No final daquele Verão, muitas das maiores e mais conhecidas clínicas para jovens trans do país tinham fechado ou reduzido o tratamento, mas deixaram de fornecer bloqueadores da puberdade, hormonas e cirurgia a milhares de pacientes.

“Eles estão fazendo isso para assustar os prestadores de cuidados médicos e os pais que os procuravam e precisavam garantir isso para seus filhos”, disse Jennifer Levi, transgênero e diretora sênior da GLAD Law.

Os pais temiam que o governo pudesse usar os documentos dos seus filhos para retirá-los da custódia. Os médicos temem que possam ser detidos e encarcerados por fornecerem tratamento legal e amplamente aceito a pacientes infantis.

Algumas clínicas, incluindo o actual Centro de Saúde e Desenvolvimento Transjuvenil do Hospital Infantil de Los Angeles, negociaram com o governo federal para redigir informações dos ficheiros que eventualmente entregaram, garantindo que as informações não seriam utilizadas em processos criminais.

Outros foram inocentados em tribunal federal.

Agora, é sobre essas vitórias.

“Eles aumentaram as apostas ao tentarem seguir este processo secreto do grande júri”, disse Levi sobre a administração Trump.

Entre os documentos solicitados pela intimação do Texas estão “registros pessoais completos” de funcionários ou contratados que avaliaram pacientes que buscaram, forneceram ou cobraram por cuidados de afirmação de gênero em hospitais designados, bem como todos os seus supervisores.

As intimações também exigem “documentação suficiente para identificar cada paciente” que recebeu tal atendimento, bem como extensos registros médicos relacionados à doença e ao tratamento.

“A intimação (da NYU) coloca os prestadores de serviços médicos e administradores hospitalares em um processo criminal apenas para fornecer esses cuidados”, disse New York Atty. General Letitia James em um breve discurso no Tribunal Distrital dos EUA para o Distrito Norte da Califórnia na quarta-feira. Este documento é assinado por California Atty.
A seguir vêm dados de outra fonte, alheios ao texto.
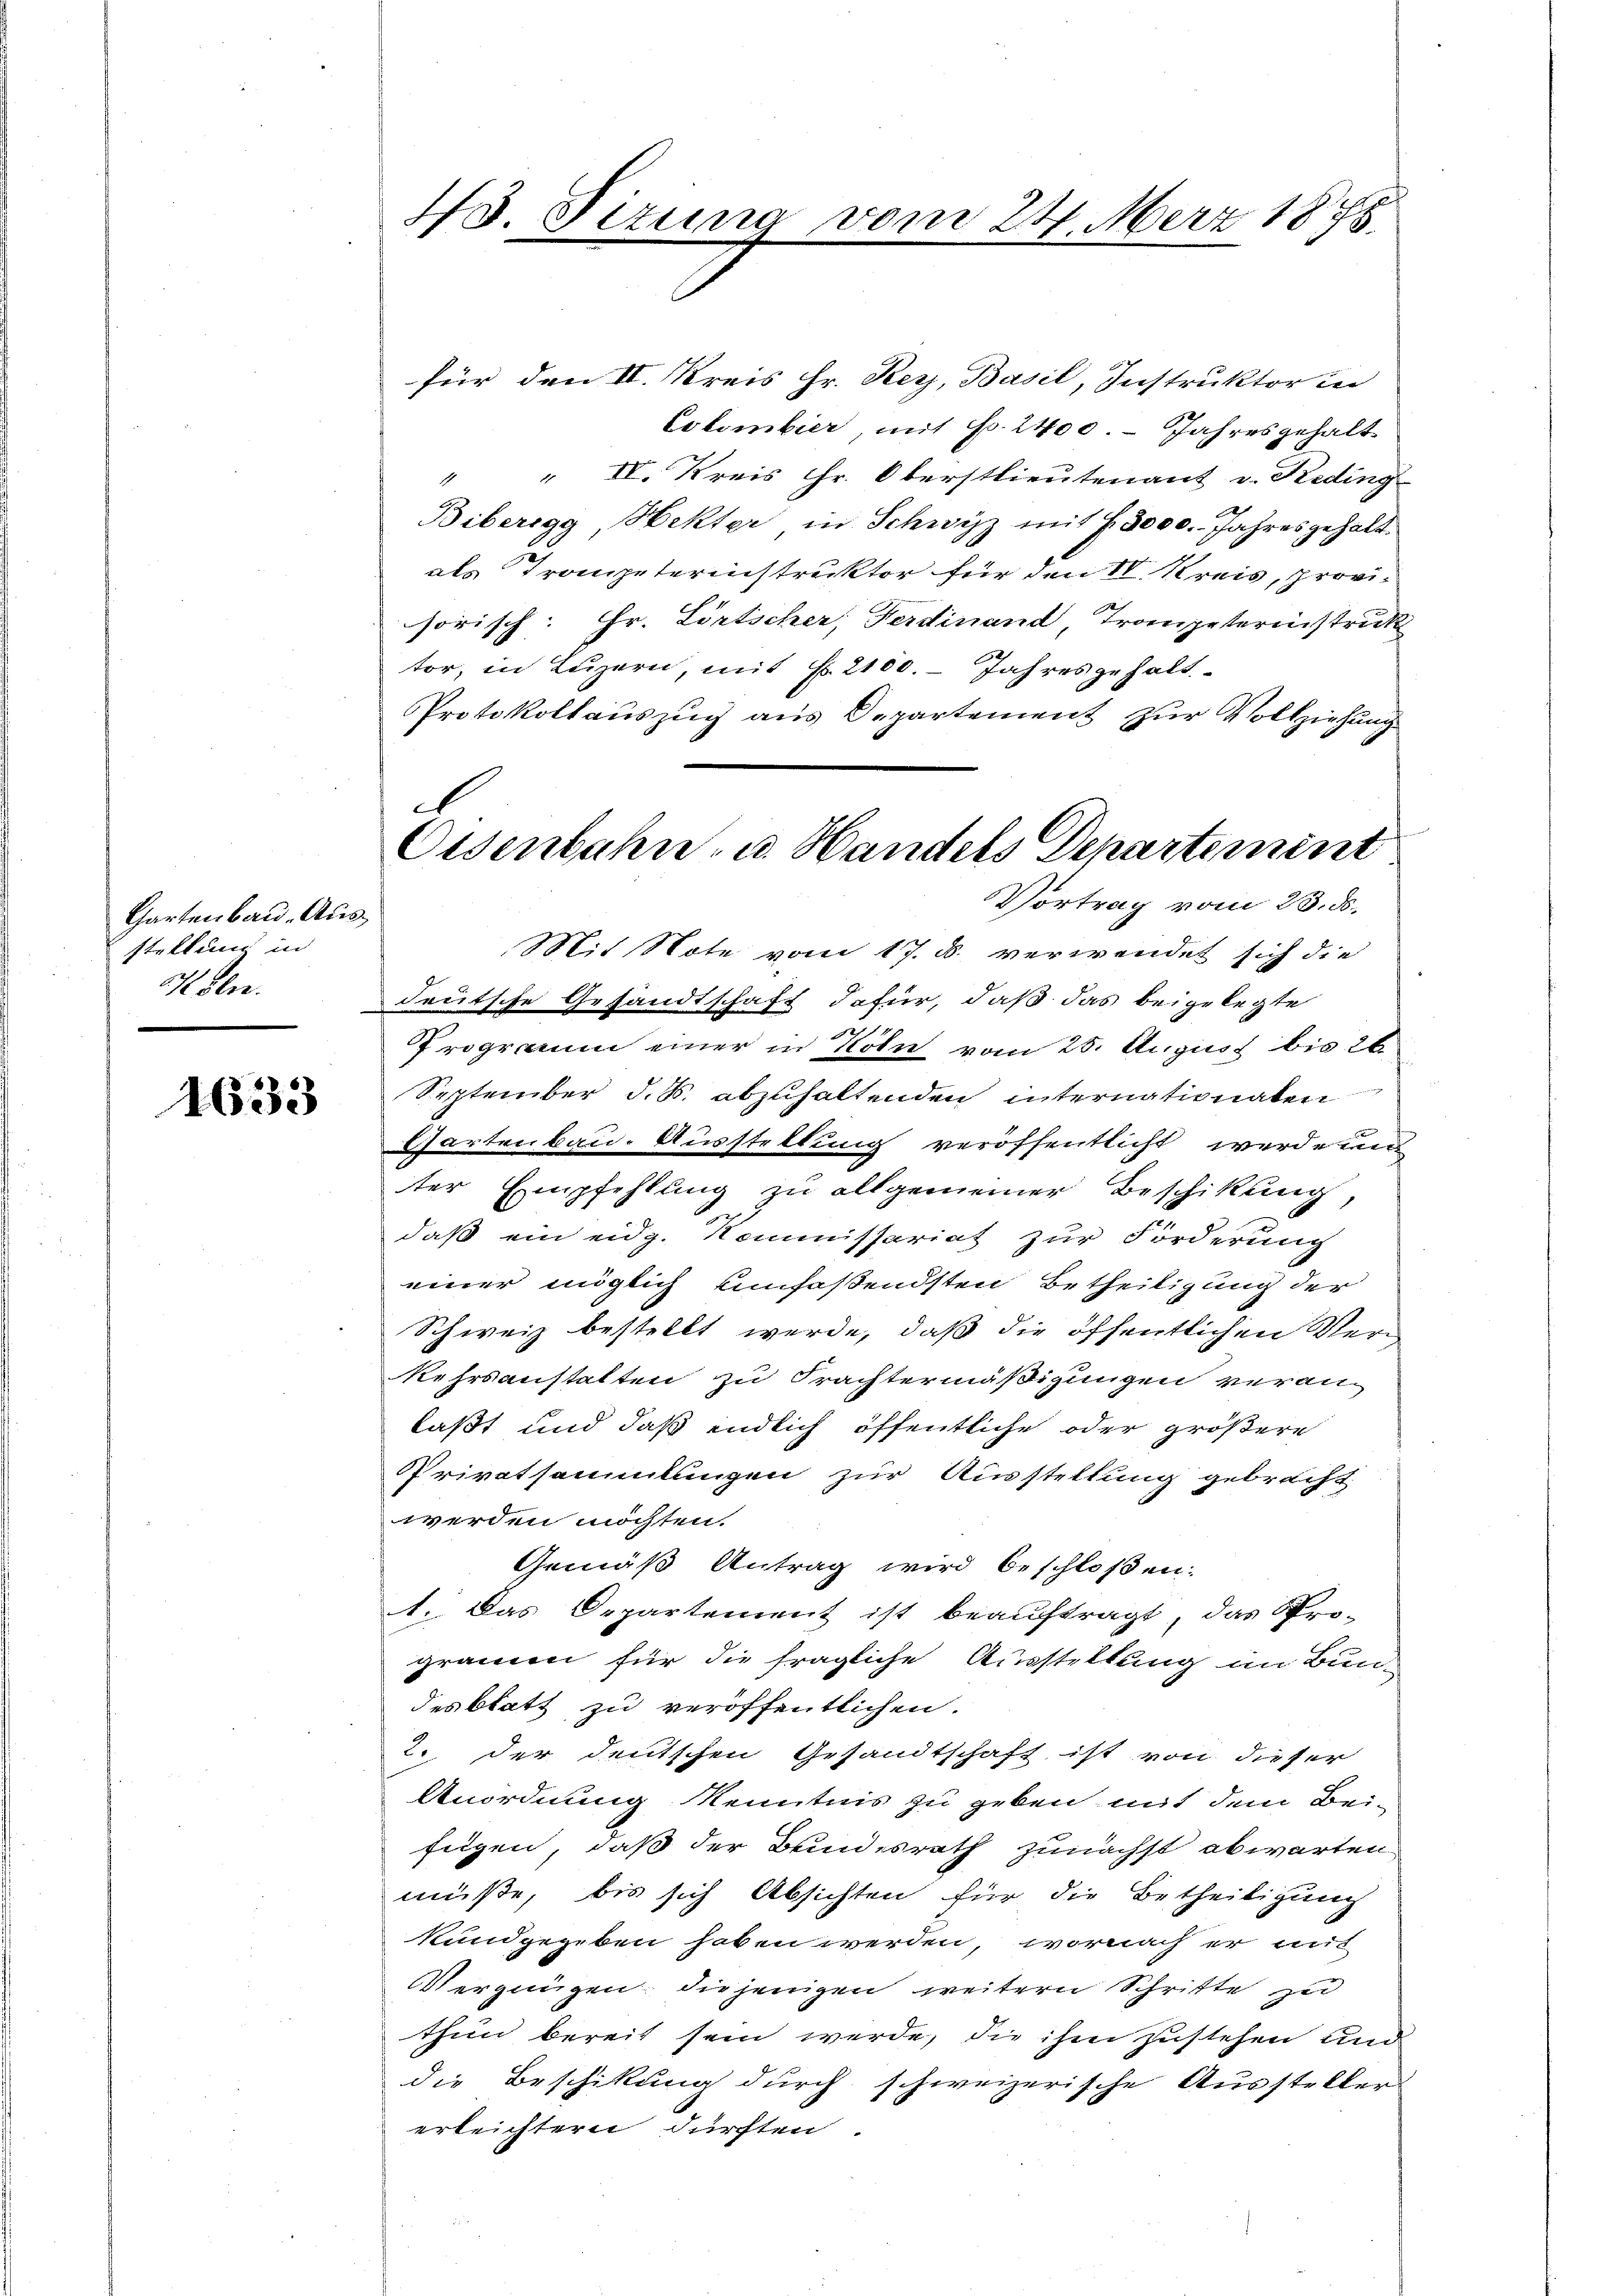
Chartenbau. Ausstellung in
K blie

1633

13 Tizung vom 24. März 1875.

d
Eisenbahn, u. Handels Departement
Vortrag vom 23. ds.

für den II. Kreis Hr. Key, Basil, Instruktor in
Colombier, mit No. 2400. - Jahresgehalt
" " IV. Kreis Hr. Oberstlieutenant v. Reding
Biberegg, Hekter in Schwyz mit f. 3000. Jahresgehaltals Trompeterinstruktor für den 10 Kreis, provisorisch: Hr. Lörtscher, Ferdinand, Trompeterinstrukt
tor, in Luzern, mit f. 2100. Jahres gehalt¬
Protokollauszug aus Departement zur Vollziehung
Mit Note vom 17. d. verwendet sich die
deutsche Gesandtschaft dafür, daß das beigelegte
Programm einer in Köln vom 25. August bis 26
September d. Js. abzuhaltenden internationaten
Gartenbau. Ausstellung veröffentlicht werde un
ter Empfehlung zu allgemeiner Beschikung,
daß ein eidg. Kommissariat zur Forderung
einer möglich umfaßendsten Betheiligung der
Schweiz bestellt werde, daß die öffentlichen Ver¬
Kehrsanstatten zu Frachtermäßigungen veranlaßt und daß endlich öffentliche oder größere
Privatsammlungen zur Ausstellung gebracht
werden möchten.
Gemäß Antrag wird beschloßen:
1. Das Departement ist beauftragt, das Pro-
gramen für die fragliche Ausstellung im Bun-
desblatt zu veröffentlichen.
2. der deutschen Gesandtschaft ist von dieser
Anordnung Kenntnis zu geben mit dem Bei-
fügen, daß der Bundesrath zunächst abwarten.
müße, bis sich Absichten für die Betheiligung
kundgegeben haben werden, wornach er mit
Vergnügen, die jenigen weitern Schritte zu
thun bereit sein werde, die ihm zustehen und
die Beschikung durch schweizerische Aussteller
erleichtern dürften.

General Rob Bonta e 18 parceiros democratas de todo o país.

Em comunicado, o Hospital Infantil de Stanford disse que está “comprometido em cumprir todas as leis, proteger a privacidade dos pacientes que atendemos e fornecer o melhor atendimento possível”.

Enquanto isso, o Departamento de Justiça até agora procurou condenar totalmente a história.
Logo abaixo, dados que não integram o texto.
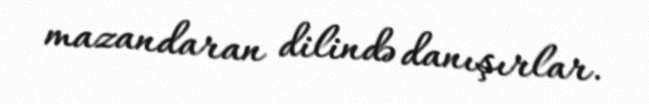
mazandaran dilində danışırlar.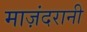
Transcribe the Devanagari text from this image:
माज़ंदरानी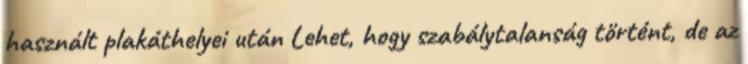
használt plakáthelyei után Lehet, hogy szabálytalanság történt, de az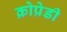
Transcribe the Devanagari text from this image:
क्रोप्रेडी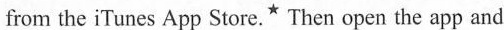
from the iTunes App Store.^{\star } Then open the app and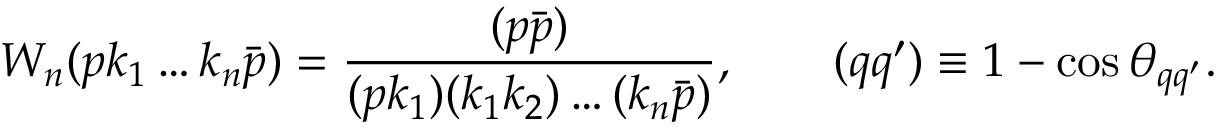
W _ { n } ( p k _ { 1 } \ldots k _ { n } \bar { p } ) = \frac { ( p \bar { p } ) } { ( p k _ { 1 } ) ( k _ { 1 } k _ { 2 } ) \ldots ( k _ { n } \bar { p } ) } , \qquad ( q q ^ { \prime } ) \equiv 1 - \cos \theta _ { q q ^ { \prime } } .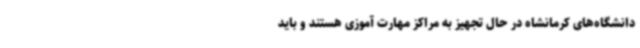
دانشگاه‌های کرمانشاه در حال تجهیز به مراکز مهارت آموزی هستند و باید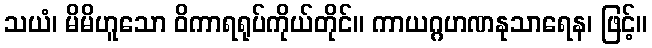
သယံ၊ မိမိဟူသော ဝိကာရရုပ်ကိုယ်တိုင်။ ကာယဂ္ဂဟဏနုသာရေန၊ ဖြင့်။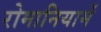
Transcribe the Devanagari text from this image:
रोमानियामें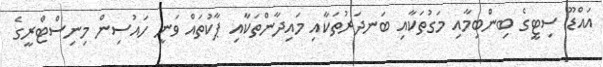
އައްޑޫ ސިޓީގެ ބިންބިމާއި މަގުތަކާއި ބަނދަރުތަކާއި މައިދާންތަކާއި ޕާކުތައް ވަނީ ހައުސިން މިނިސްޓްރީގެ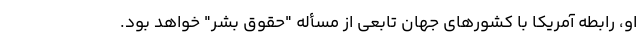
او، رابطه آمریکا با کشورهای جهان تابعی از مسأله "حقوق بشر" خواهد بود.

Falando no tribunal na terça-feira, o assistente US Atty. John Wollman considerou cuidadosamente a questão da intimação do Texas no centro do processo.

“Obviamente, não podemos dizer nada para confirmar ou negar a existência de uma intimação do grande júri”, disse Wollman. “Qualquer moção para anular esta intimação – presumindo que exista – deve ser levada ao Distrito Norte do Texas.”

O Departamento de Justiça não respondeu às perguntas sobre por que estava investigando o caso no Texas. Mas os críticos apontam que o Distrito Norte do estado tem sido visto como um local privilegiado para contestações jurídicas conservadoras.

“Eles estão procurando fóruns”, disse Minter. “O hospital ‘investigativo’ deles não tem absolutamente nada a ver com o Texas.”

O advogado sublinhou que uma vitória da administração no caso de Stanford poderia abrir futuras investigações sobre tratamentos mais comuns, como o VIH ou o aborto.

“É um exemplo que todos podem usar”, disse ele. “Esta administração está cruzando limites que, uma vez cruzados, são muito difíceis de desfazer”.